- [Required action]: Word for word, retype the lines from the one containing "This is a near-infrared" to the one containing "An aerial image. It shows: Concrete" below, keeping both end lines and dropping the pictures.

- [Stored data]:
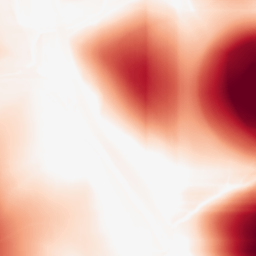
Category: morphological
Decomposition family: rolling_ball
Decomposition parameters: radius: 100
Upsampling method: bilinear
Upsampling parameters: scale: 4
Upsampling scale: 4
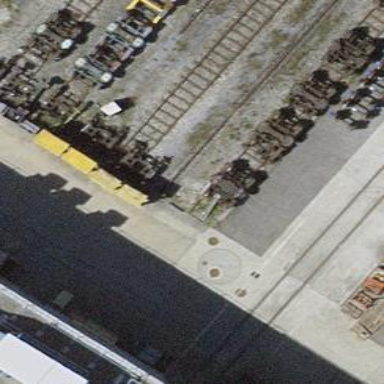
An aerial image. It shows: Railway yard with one track.
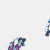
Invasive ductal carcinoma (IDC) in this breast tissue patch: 0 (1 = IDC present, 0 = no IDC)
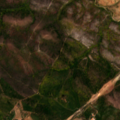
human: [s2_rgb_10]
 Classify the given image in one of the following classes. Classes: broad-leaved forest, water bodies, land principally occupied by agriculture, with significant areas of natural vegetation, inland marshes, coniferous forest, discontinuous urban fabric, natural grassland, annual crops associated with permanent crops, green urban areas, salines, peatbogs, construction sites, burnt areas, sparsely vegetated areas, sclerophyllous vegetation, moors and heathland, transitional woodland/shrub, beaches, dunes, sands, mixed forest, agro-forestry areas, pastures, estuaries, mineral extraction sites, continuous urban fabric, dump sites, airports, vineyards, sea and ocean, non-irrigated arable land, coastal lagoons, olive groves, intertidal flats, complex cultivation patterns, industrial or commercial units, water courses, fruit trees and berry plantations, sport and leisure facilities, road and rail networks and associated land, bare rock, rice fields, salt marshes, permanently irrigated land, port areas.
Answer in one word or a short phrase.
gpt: continuous urban fabric
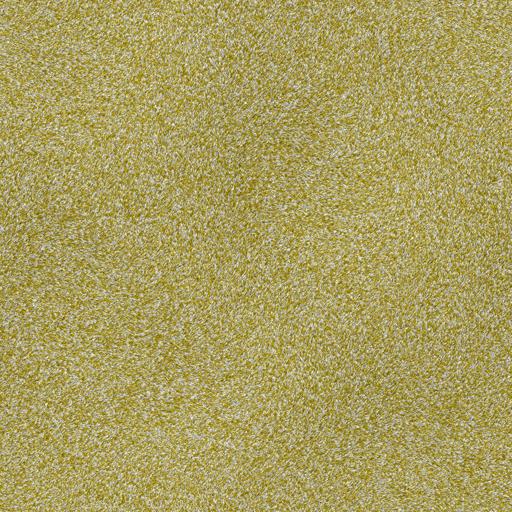
Tags: carpet light yellow
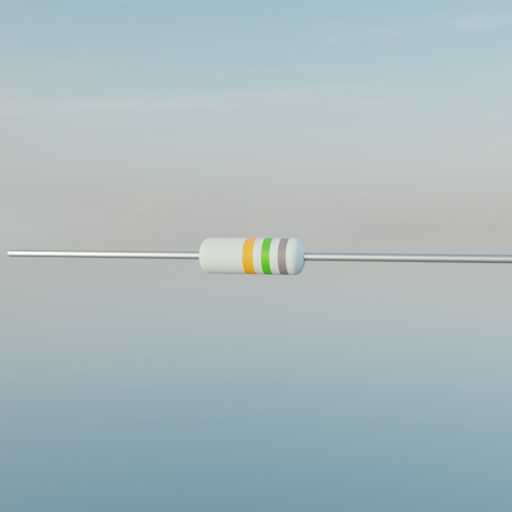
Resistor colour bands (in order): orange, green, gray
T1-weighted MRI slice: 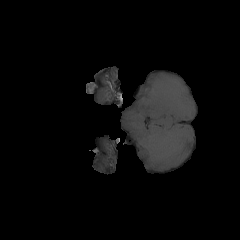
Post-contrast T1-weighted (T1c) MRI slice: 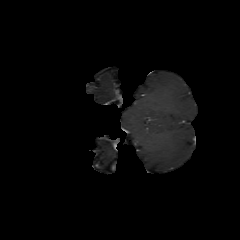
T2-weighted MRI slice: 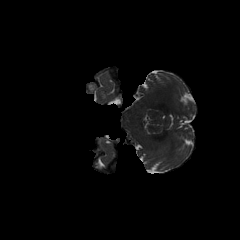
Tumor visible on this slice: no
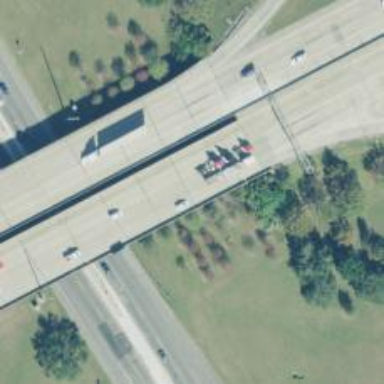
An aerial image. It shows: Bridge over motorway.
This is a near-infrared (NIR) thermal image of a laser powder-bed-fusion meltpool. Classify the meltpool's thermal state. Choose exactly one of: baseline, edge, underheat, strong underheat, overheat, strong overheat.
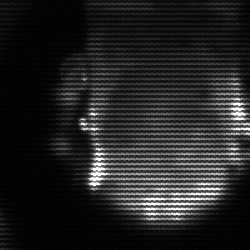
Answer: baseline
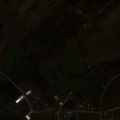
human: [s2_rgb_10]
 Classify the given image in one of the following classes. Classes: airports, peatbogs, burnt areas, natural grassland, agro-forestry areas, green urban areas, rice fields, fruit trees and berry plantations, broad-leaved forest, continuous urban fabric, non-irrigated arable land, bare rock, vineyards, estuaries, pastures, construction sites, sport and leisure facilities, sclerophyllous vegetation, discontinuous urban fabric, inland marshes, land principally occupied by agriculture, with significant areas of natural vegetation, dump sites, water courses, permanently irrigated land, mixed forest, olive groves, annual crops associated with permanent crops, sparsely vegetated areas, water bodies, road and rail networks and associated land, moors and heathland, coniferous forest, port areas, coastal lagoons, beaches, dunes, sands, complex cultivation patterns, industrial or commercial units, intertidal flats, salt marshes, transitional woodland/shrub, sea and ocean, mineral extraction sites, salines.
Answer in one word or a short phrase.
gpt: discontinuous urban fabric, non-irrigated arable land, pastures, complex cultivation patterns
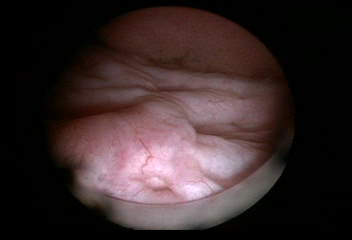
Modality: WLC
Class: Normal mucosa
Bladder cancer association: No
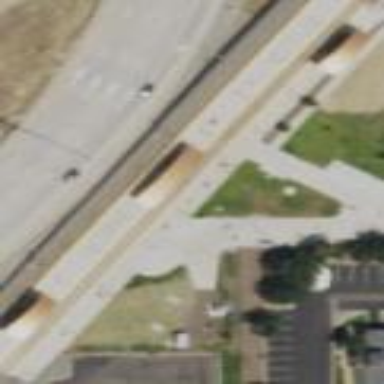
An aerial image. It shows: Concrete platform for public transport with shelter. This light rail platform provides convenient waiting area for passengers.
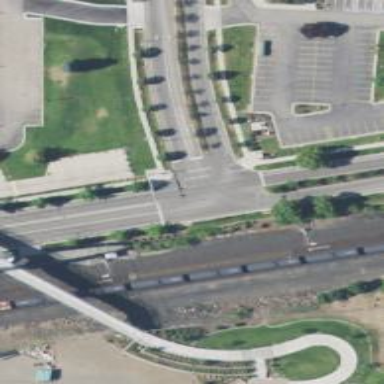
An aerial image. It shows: Crossing on the road with line markings.
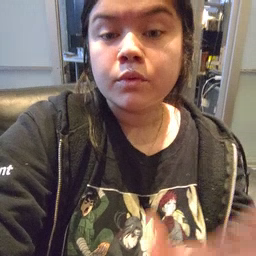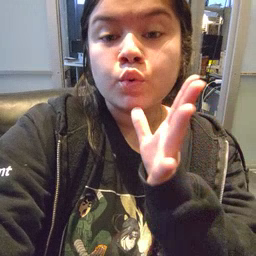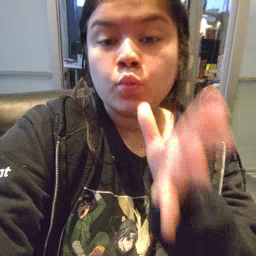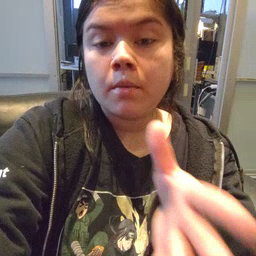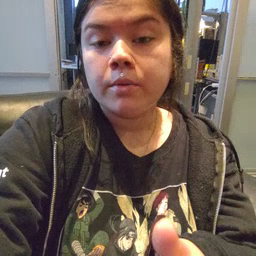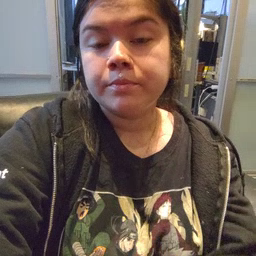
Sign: grandma
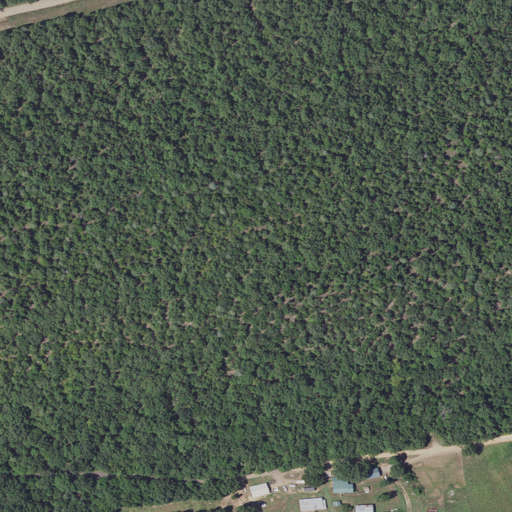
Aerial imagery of ridge(s) in Arkansas named Hickory Ridge containing mixed forest, deciduous forest, open development, pasture, and low intensity development

- [Exercise result]:
This is a near-infrared (NIR) thermal image of a laser powder-bed-fusion meltpool. Classify the meltpool's thermal state. Choose exactly one of: baseline, edge, underheat, strong underheat, overheat, strong overheat.
Answer: baseline
human: [s2_rgb_10]
 Classify the given image in one of the following classes. Classes: airports, peatbogs, burnt areas, natural grassland, agro-forestry areas, green urban areas, rice fields, fruit trees and berry plantations, broad-leaved forest, continuous urban fabric, non-irrigated arable land, bare rock, vineyards, estuaries, pastures, construction sites, sport and leisure facilities, sclerophyllous vegetation, discontinuous urban fabric, inland marshes, land principally occupied by agriculture, with significant areas of natural vegetation, dump sites, water courses, permanently irrigated land, mixed forest, olive groves, annual crops associated with permanent crops, sparsely vegetated areas, water bodies, road and rail networks and associated land, moors and heathland, coniferous forest, port areas, coastal lagoons, beaches, dunes, sands, complex cultivation patterns, industrial or commercial units, intertidal flats, salt marshes, transitional woodland/shrub, sea and ocean, mineral extraction sites, salines.
Answer in one word or a short phrase.
gpt: discontinuous urban fabric, non-irrigated arable land, pastures, complex cultivation patterns
Modality: WLC
Class: Normal mucosa
Bladder cancer association: No
An aerial image. It shows: Concrete platform for public transport with shelter. This light rail platform provides convenient waiting area for passengers.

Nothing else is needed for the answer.